A Case of a Neuroendocrine Tumor in a Liver Transplant Patient: Diagnostic and Management Difficulties

Abstract

Neuroendocrine tumors (NETs) of the liver are a rare entity. NETs are often poorly recognized, with diagnostic difficulties and differential challenges between primary tumors of the liver and metastases from other organs, mainly from the gastrointestinal tract. Multidisciplinary and multi-technical diagnosis is mandatory to properly treat these tumors. This case describes the complex history and the treatment course of a 68-year-old man with a history of NET onset after liver transplantation. Liver transplantation is the treatment of choice for patients with advanced liver disease or acute liver failure, but careful pre- and post-transplant patient monitoring is required.

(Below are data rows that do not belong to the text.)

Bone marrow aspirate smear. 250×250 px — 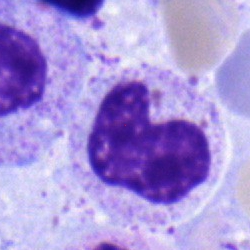The cell shown is a band neutrophil.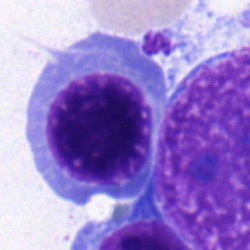A nucleated red blood cell.

Liver transplant patients receive immunosuppressive therapy, and donor livers should be screened to exclude potential malignancies. This clinical case, in addition to emphasizing the diagnostic and therapeutic difficulty of hepatic NET, underlines the role of post-transplant immunosuppressive therapy and pre-transplant screening, which includes a thorough evaluation of donor and recipient history, physical examination, and laboratory tests. Moreover, post-transplant immunosuppressive therapy is essential to maintain the viability of the transplanted organ, but it is not free from potential risks, including an increased risk of cancer. Therefore, close monitoring of therapy is necessary to optimize long-term results and the patient's quality of life.

Keywords: HCC; NET; holangiocarcinoma; immunosuppressive therapy; liver; liver transplantation.

Figure 1

Ultrasound image of biopsied liver segment VI lesion. The arrow indicates the presence of the VI liver segment.

Figure 2

F1 esophageal varices in gastroscopy: the left image shows the portion of the middle esophagus; the right image shows the distal esophagus.

Figure 3

Normal colonoscopy findings: the left image shows the cecum; the right image shows the descending colon.